WORK ORDER: The entries are to be returned exactly, with images left out.

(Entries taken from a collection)
....................
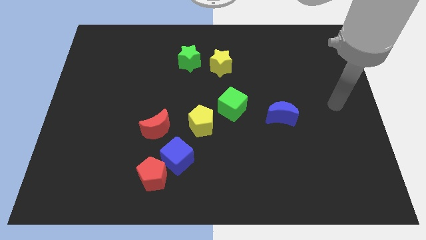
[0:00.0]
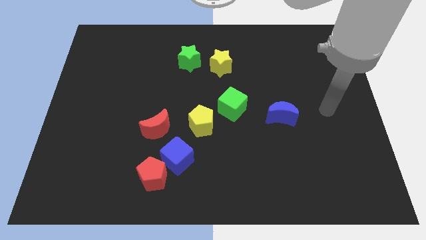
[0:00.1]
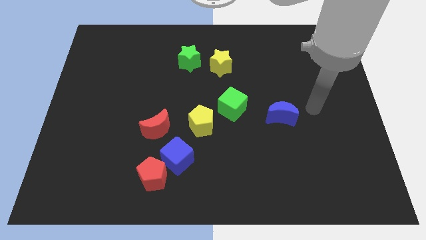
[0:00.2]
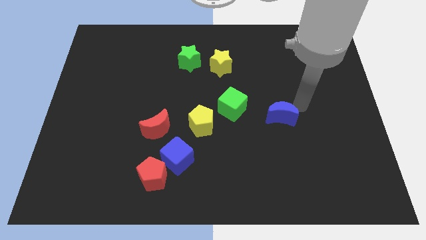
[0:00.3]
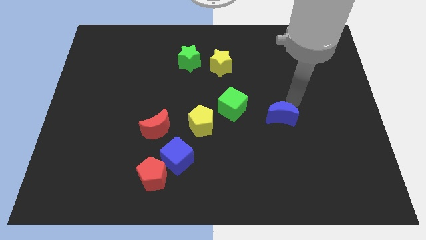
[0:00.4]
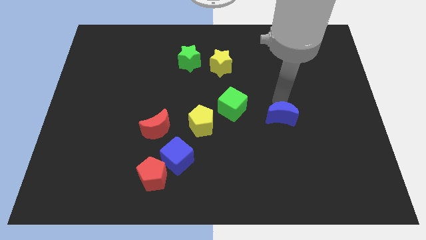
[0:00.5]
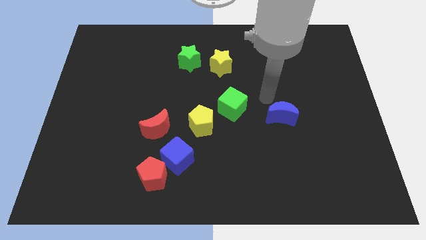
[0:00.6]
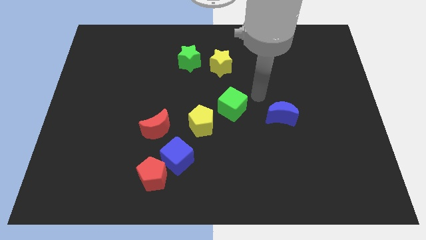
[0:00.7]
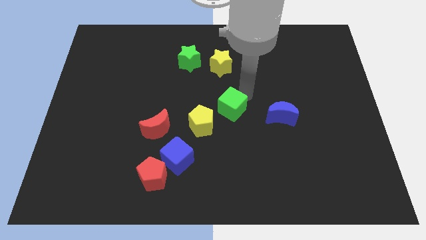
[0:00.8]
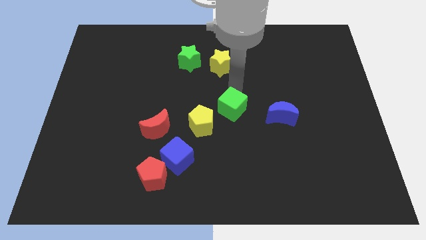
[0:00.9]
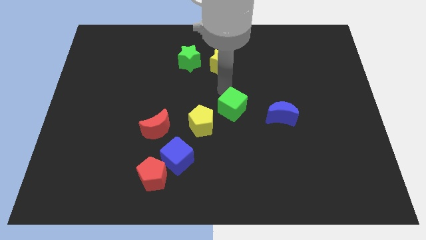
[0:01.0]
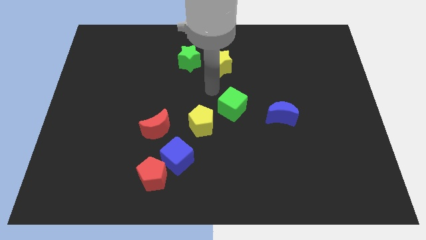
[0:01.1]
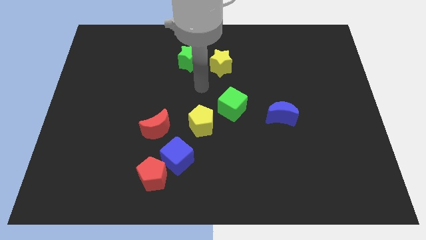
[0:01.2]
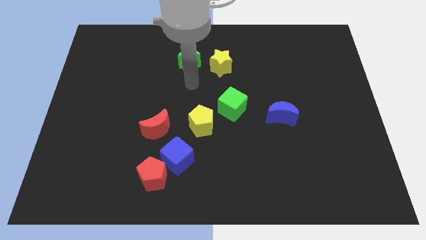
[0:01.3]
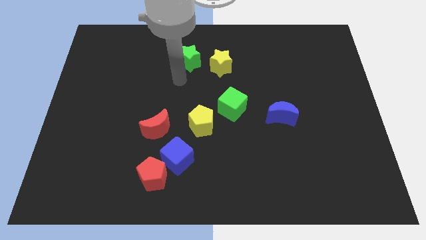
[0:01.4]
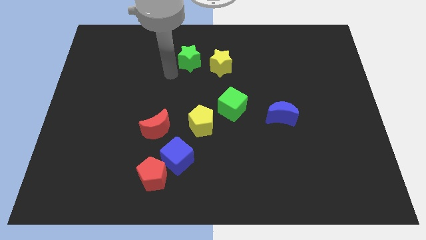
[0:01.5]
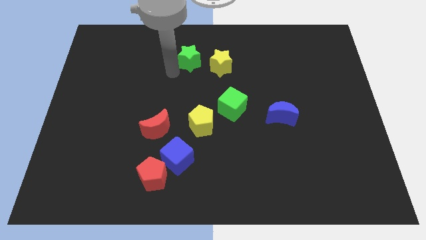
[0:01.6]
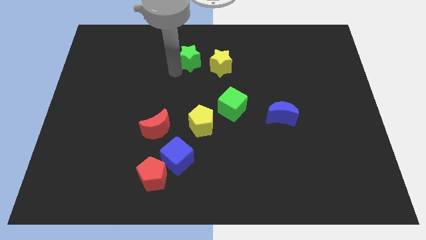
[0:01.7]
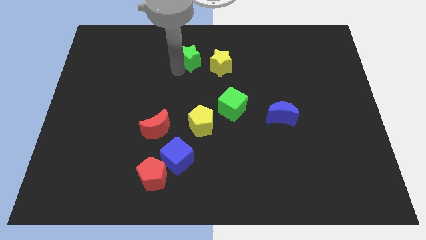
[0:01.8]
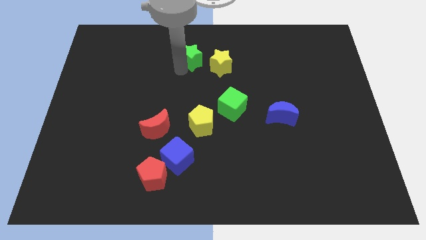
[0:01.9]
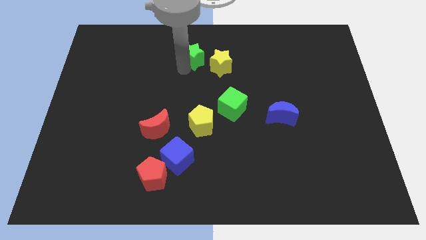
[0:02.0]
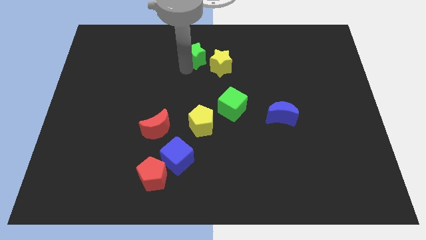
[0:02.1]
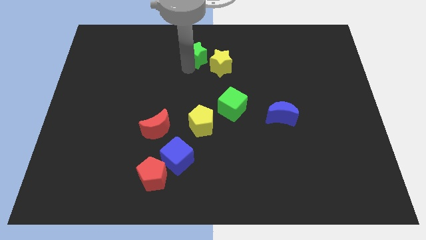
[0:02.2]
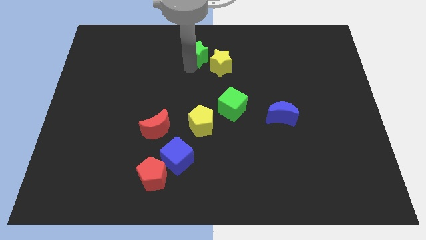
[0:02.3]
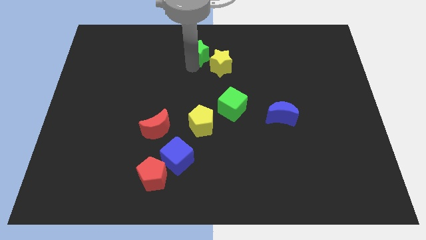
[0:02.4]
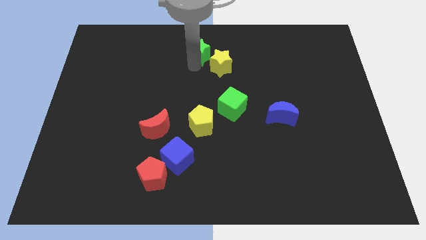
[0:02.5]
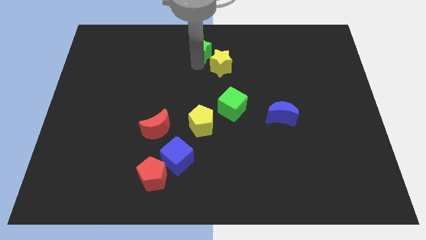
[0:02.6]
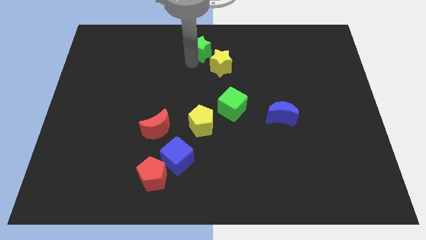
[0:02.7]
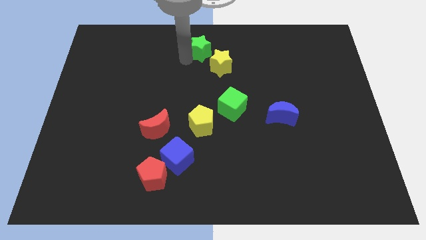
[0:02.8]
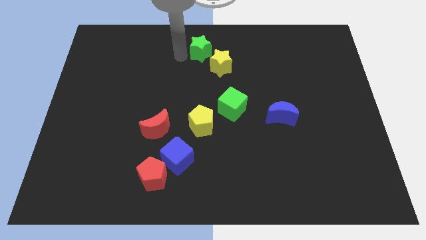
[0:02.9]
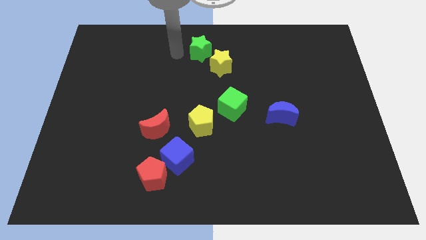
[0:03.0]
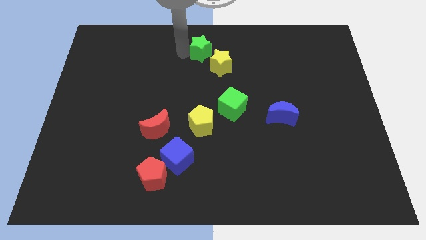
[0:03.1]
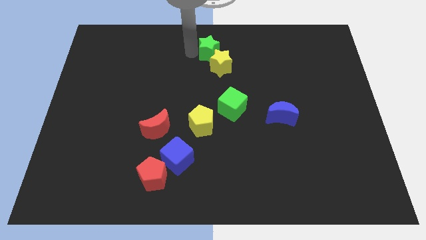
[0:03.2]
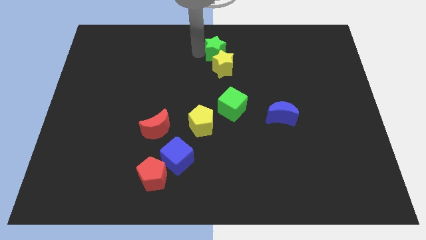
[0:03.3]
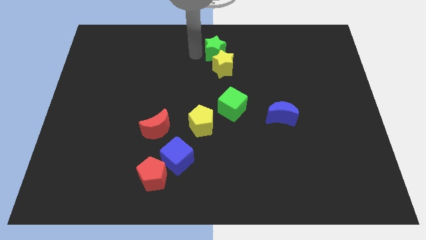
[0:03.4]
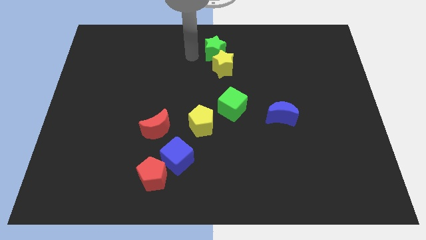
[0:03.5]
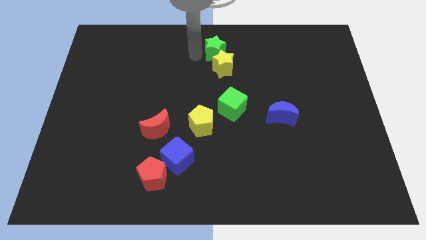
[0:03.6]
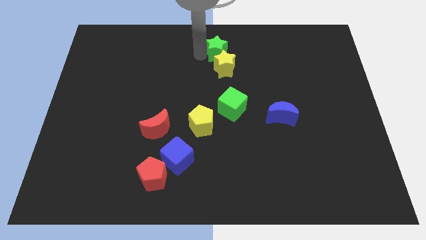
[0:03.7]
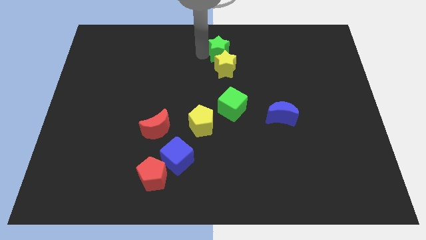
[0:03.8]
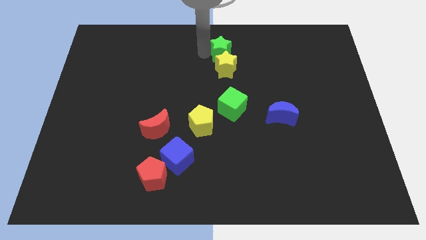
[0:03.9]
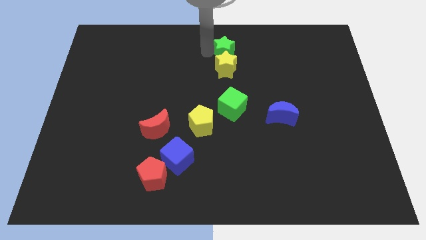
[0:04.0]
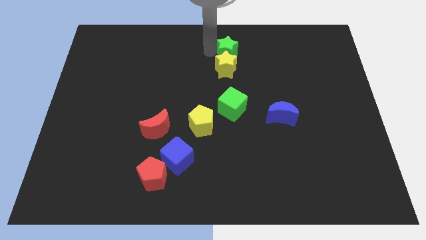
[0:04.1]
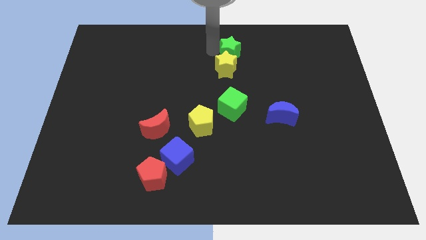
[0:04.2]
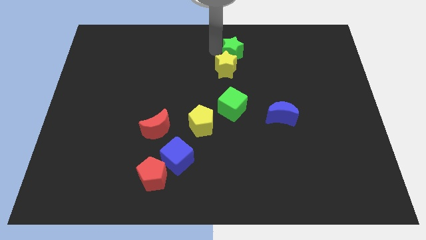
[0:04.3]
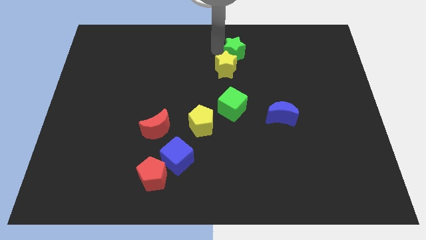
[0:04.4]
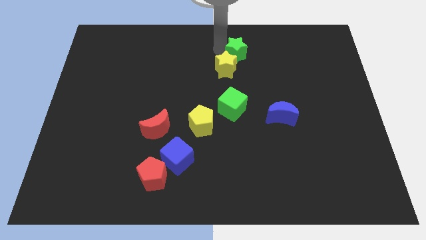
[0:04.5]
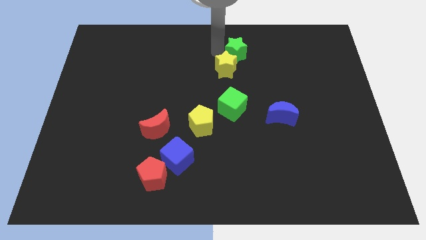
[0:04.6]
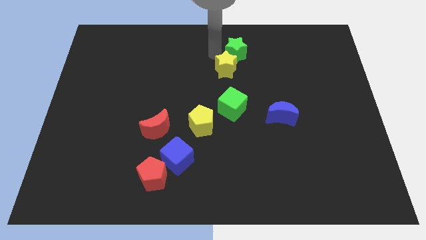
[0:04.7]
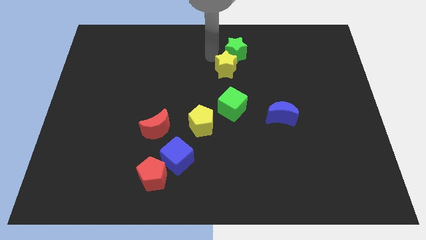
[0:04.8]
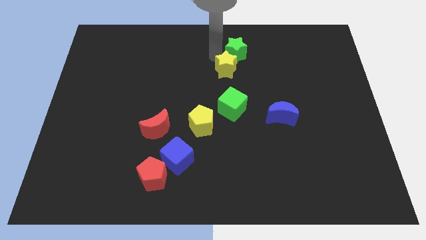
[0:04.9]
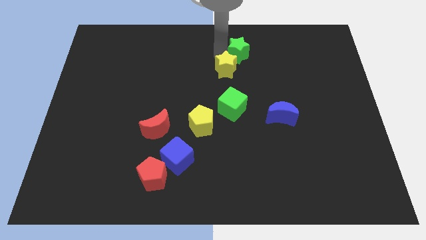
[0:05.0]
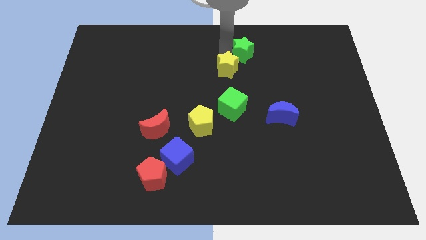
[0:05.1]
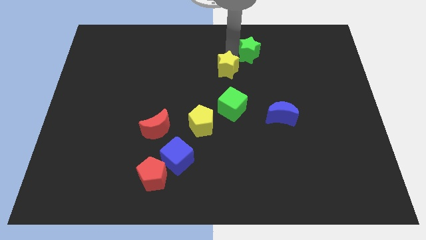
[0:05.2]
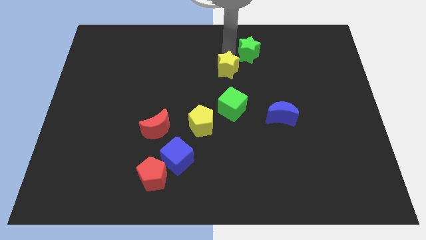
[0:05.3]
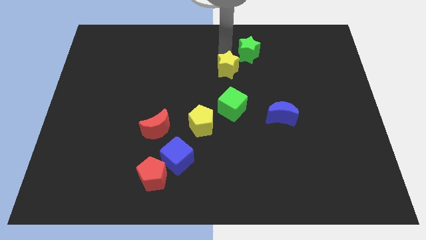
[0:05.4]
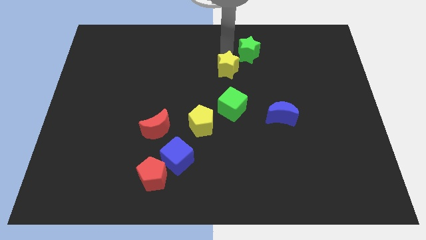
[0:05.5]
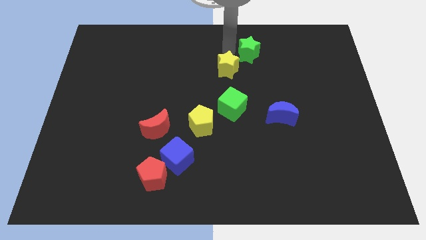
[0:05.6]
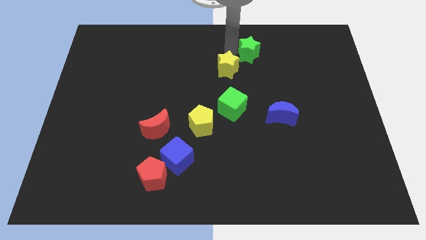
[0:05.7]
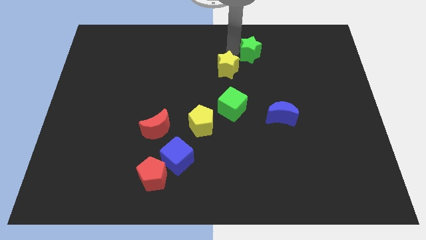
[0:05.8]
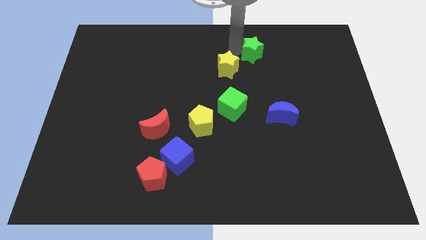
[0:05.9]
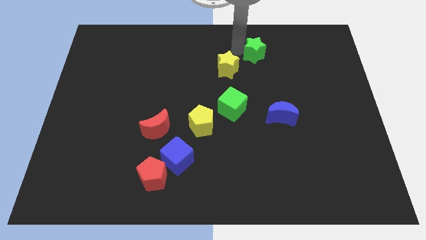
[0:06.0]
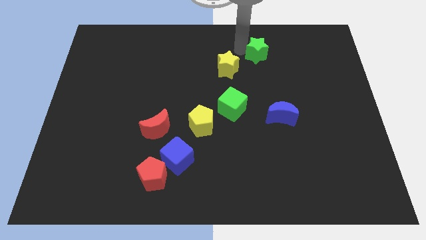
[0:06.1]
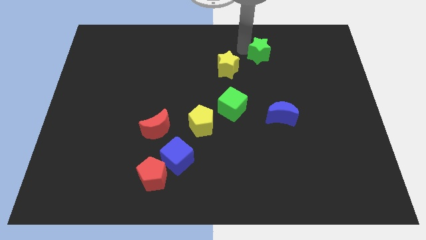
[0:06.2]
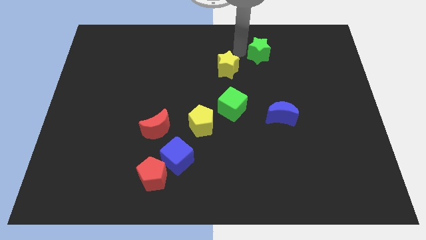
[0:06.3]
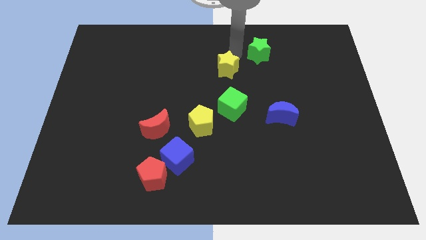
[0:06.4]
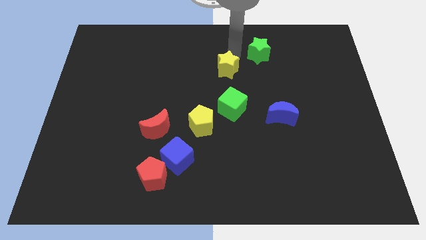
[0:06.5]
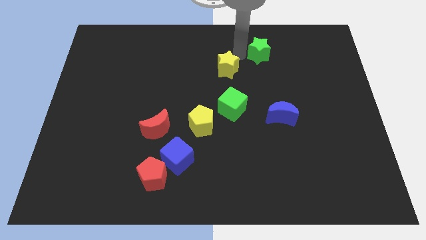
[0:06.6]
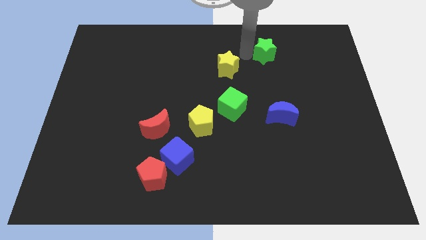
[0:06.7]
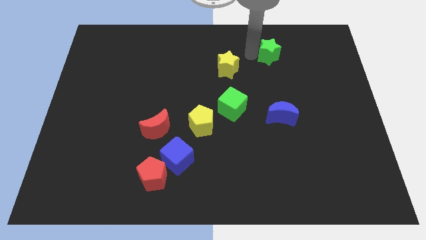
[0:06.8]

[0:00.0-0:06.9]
push the green star to the right
....................
RESPONSE AREA:
[0:00.0]
[0:00.1]
[0:00.2]
[0:00.3]
[0:00.4]
[0:00.5]
[0:00.6]
[0:00.7]
[0:00.8]
[0:00.9]
[0:01.0]
[0:01.1]
[0:01.2]
[0:01.3]
[0:01.4]
[0:01.5]
[0:01.6]
[0:01.7]
[0:01.8]
[0:01.9]
[0:02.0]
[0:02.1]
[0:02.2]
[0:02.3]
[0:02.4]
[0:02.5]
[0:02.6]
[0:02.7]
[0:02.8]
[0:02.9]
[0:03.0]
[0:03.1]
[0:03.2]
[0:03.3]
[0:03.4]
[0:03.5]
[0:03.6]
[0:03.7]
[0:03.8]
[0:03.9]
[0:04.0]
[0:04.1]
[0:04.2]
[0:04.3]
[0:04.4]
[0:04.5]
[0:04.6]
[0:04.7]
[0:04.8]
[0:04.9]
[0:05.0]
[0:05.1]
[0:05.2]
[0:05.3]
[0:05.4]
[0:05.5]
[0:05.6]
[0:05.7]
[0:05.8]
[0:05.9]
[0:06.0]
[0:06.1]
[0:06.2]
[0:06.3]
[0:06.4]
[0:06.5]
[0:06.6]
[0:06.7]
[0:06.8]

[0:00.0-0:06.9]
push the green star to the right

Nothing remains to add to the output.